There's a lot of unintended perverse outcomes, that's true, but when a CB comes in and announces the change to the interest rate (general term) it's a good idea to figure out if this is specifically impacting the base lending rate (BLR) or overnight policy rate (OPR) etc. The examples and comments above relates to this because a CB leverage really is on the supply-side monetary supply so it's also worth looking at which sectors they're intending to turn the heat down or up. It doesn't actually follow in a straightforward manner that inflation on the consumer price side will follow in tandem or as soon as the announcement (anything that happens quickly in response is emotive and sentiment-driven) because prices are usually baked-in for the quarter at least.
posted by cendawanita at 8:41 AM on September 7, 2022 [3 favorites]

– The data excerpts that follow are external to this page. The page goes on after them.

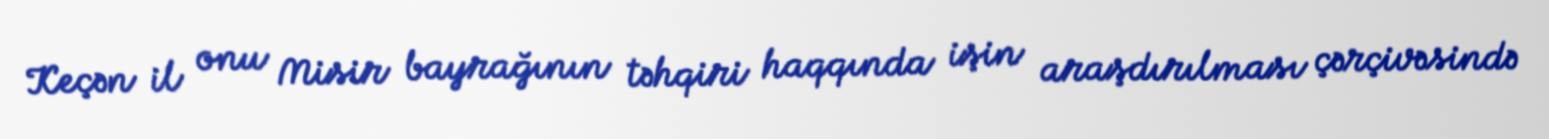
Keçən il onu Misir bayrağının təhqiri haqqında işin araşdırılması çərçivəsində
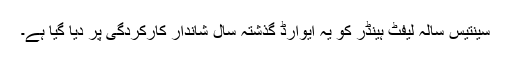
سینتیس سالہ لیفٹ ہینڈر کو یہ ایوارڈ گذشتہ سال شاندار کارکردگی پر دیا گیا ہے۔
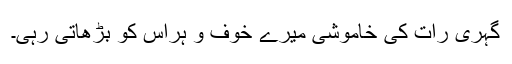
گہری رات کی خاموشی میرے خوف و ہراس کو بڑھاتی رہی۔
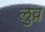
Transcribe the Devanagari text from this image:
लुव्र
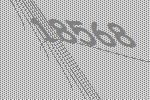
18568
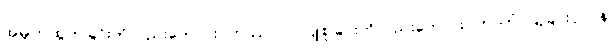
အမျက်ထွက်ခြင်းကိုလည်းကောင်း။ ဣဿာ ဝါ၊ ငြူစူခြင်းကိုလည်းကောင်း။ ကာတုံ၊ ပြုခြင်းငှာ။ န
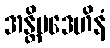
အန္တိမဒေဟိနံ
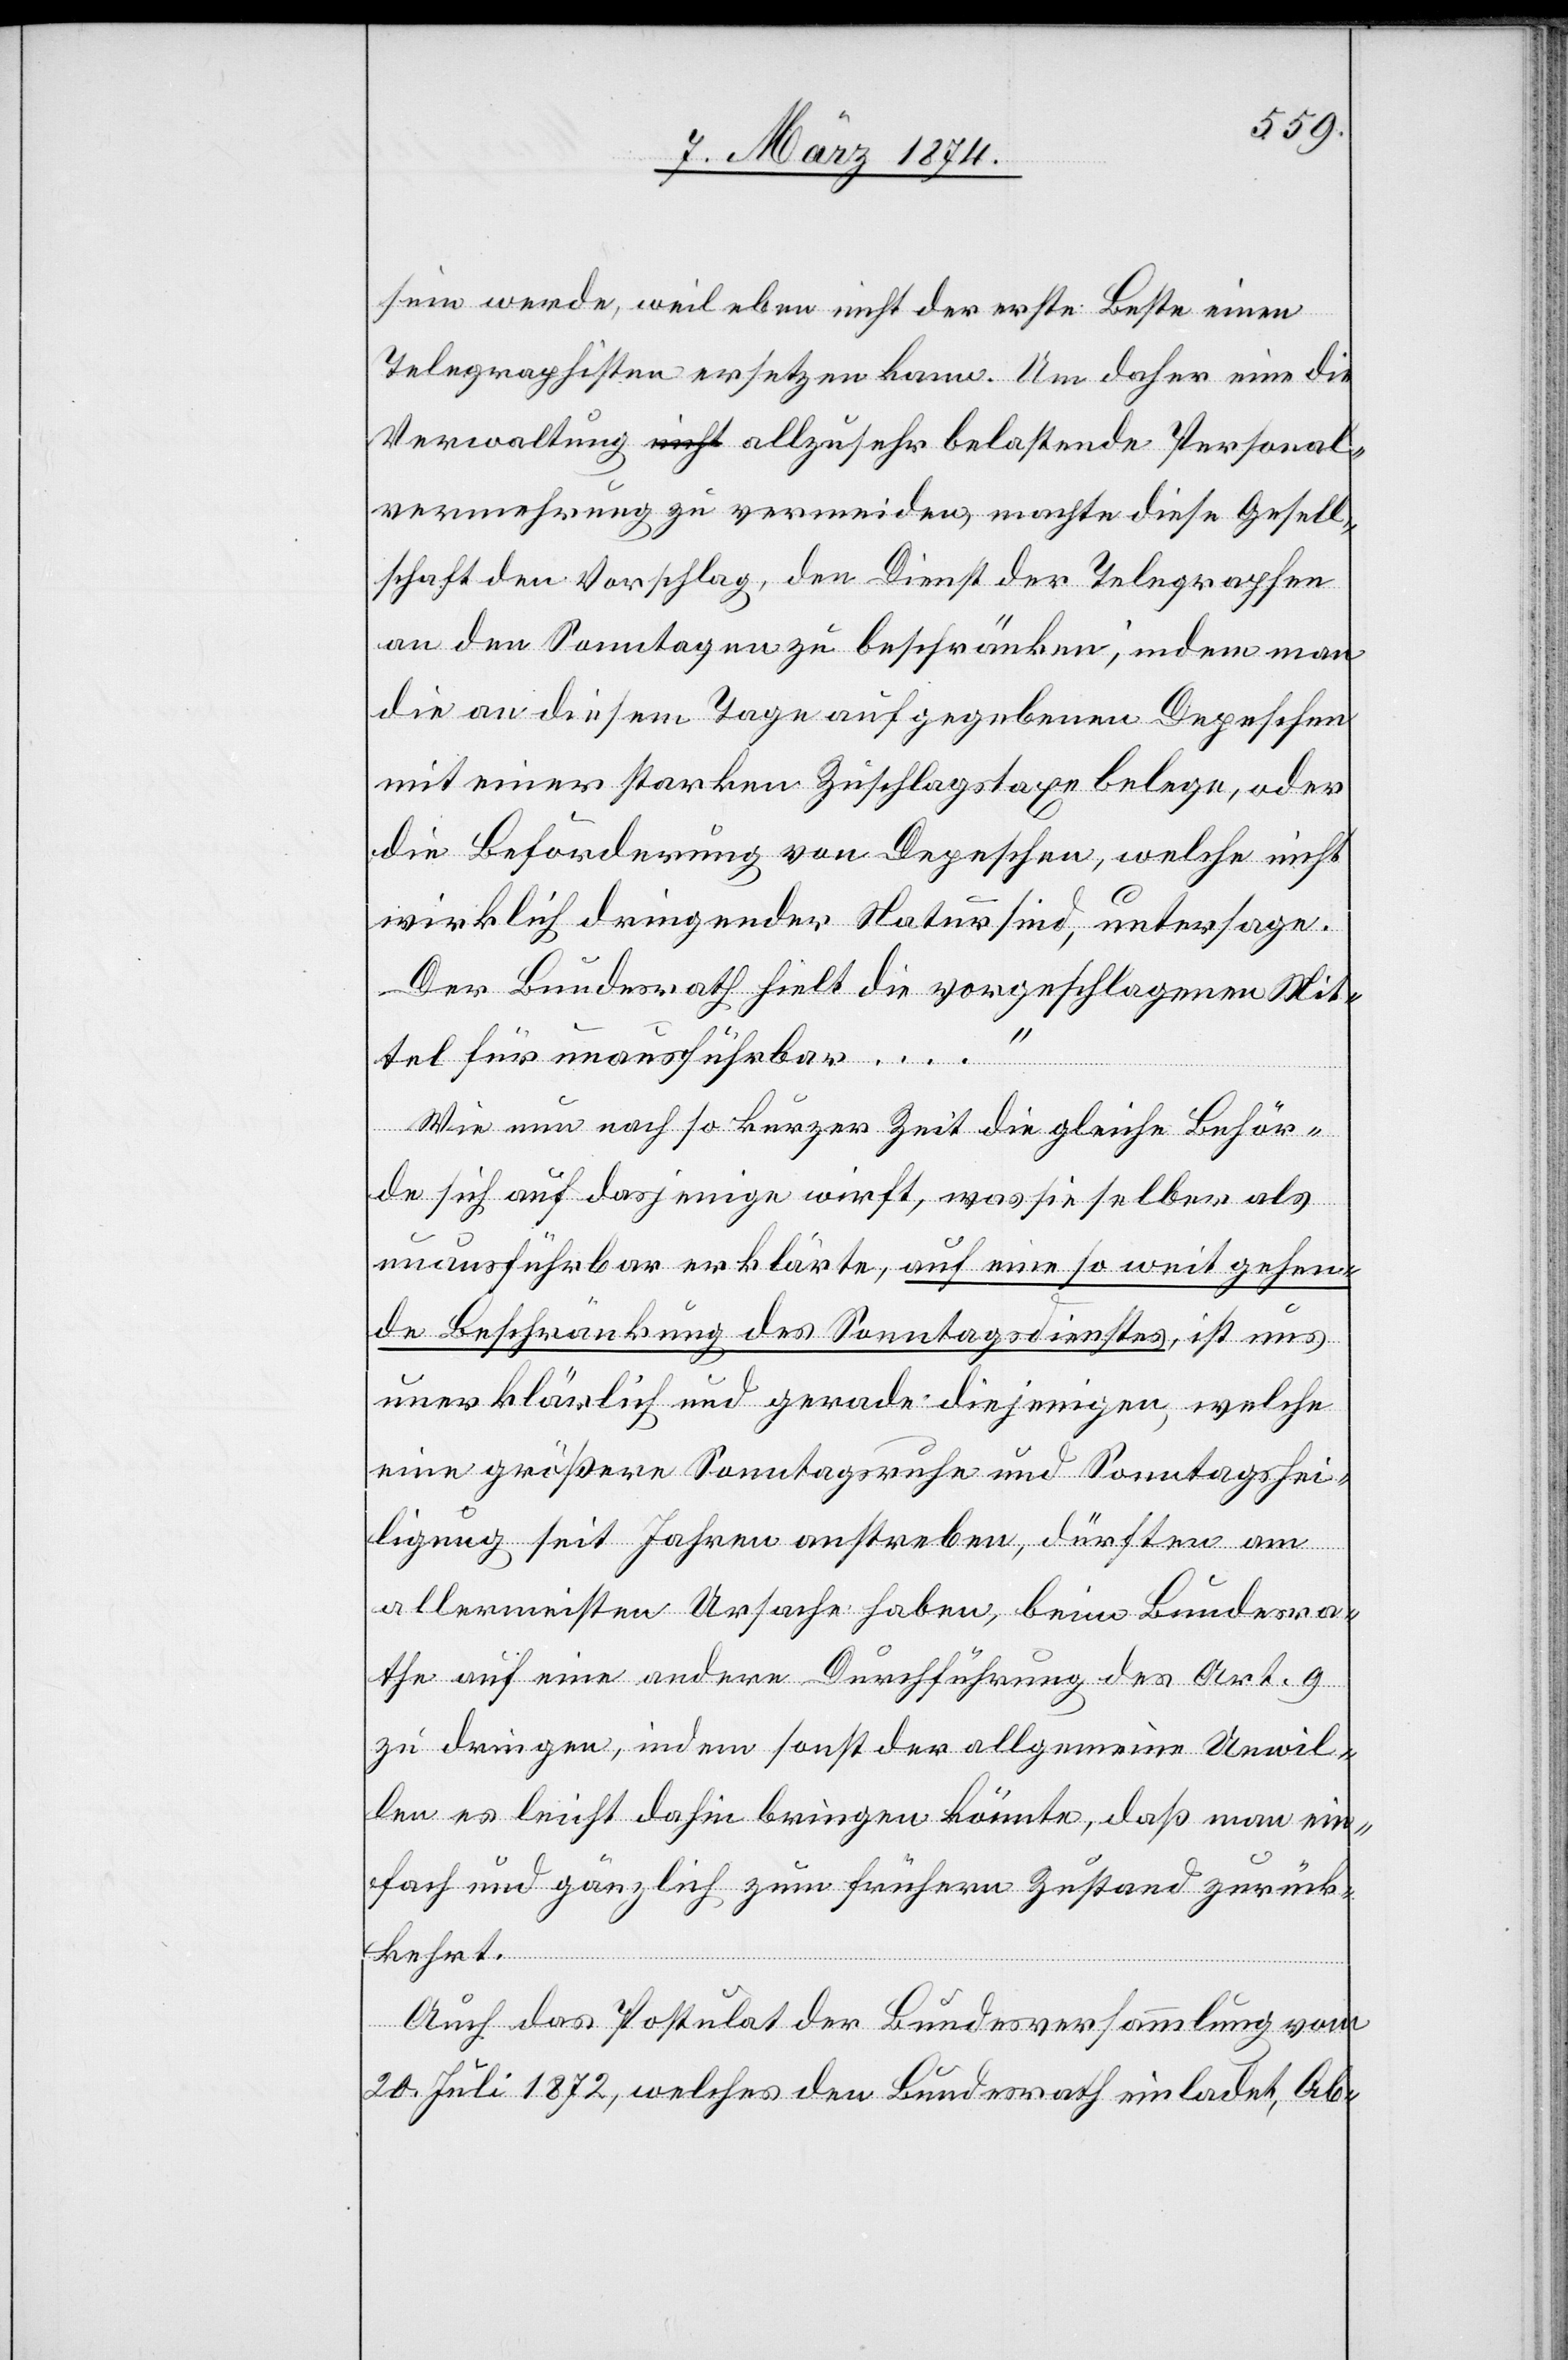
sein werde, weil eben nicht der erste Beste einen
Telegraphisten ersetzen kann. Um daher eine die
Verwaltung allzusehr belastende Personal¬
vermehrung zu vermeiden, machte diese Gesell¬
schaft den Vorschlag, den Dienst der Telegraphen
an den Sonntagen zu beschränken, indem man
die an diesem Tage auf gegebenen Depeschen
mit einer starken Zuschlagstaxe belege, oder
die Beförderung von Depeschen, welche nicht
wirklich dringender Natur sind, untersage.
Der Bundesrath die vorgeschlagenen Mit¬
tel für unausführbar …“
Wie nun nach so kurzer Zeit die gleiche Behör¬
de sich auf dasjenige wirft, was sie selber als
unausführbar erklärte, auf eine so weit gehen¬
de Beschränkung des Sonntagsdienstes, ist uns
unerklärlich und gerade diejenigen, welche
eine größere Sonntagsruhe und Sonntagshei¬
ligung seit Jahren anstreben, dürften am
allermeisten Ursache haben, beim Bundesra¬
the auf eine andere Durchführung des Art. 9
zu dringen, indem sonst der allgemeine Unwil¬
len es leicht dahin bringen könnte, daß man ein¬
fach und gänzlich zum früheren Zustand zurück¬
kehrt.
Auch das Postulat der Bundesversammlung vom
20. Juli 1872, welches den Bundesrath einladet, Ab-

Also CB and the MOF controls monetary policy but MOF at large along with your equivalent strategic ministries are the ones that dictate the fiscal policy. They should go hand in hand, in basic economics anyway. So fiddling with the tap of the monetary supply doesn't have to result in overall inflation on the consumer end, because that should be addressed through overall fiscal strategy can redirect resources in response to constricted money in the system (welfare, subsidies, quotas, targeted assistance, such like things).
posted by cendawanita at 8:47 AM on September 7, 2022 [2 favorites]


So fiddling with the tap of the monetary supply doesn't have to result in overall inflation on the consumer end, because that should be addressed through overall fiscal strategy can redirect resources in response to constricted money in the system (welfare, subsidies, quotas, targeted assistance, such like things).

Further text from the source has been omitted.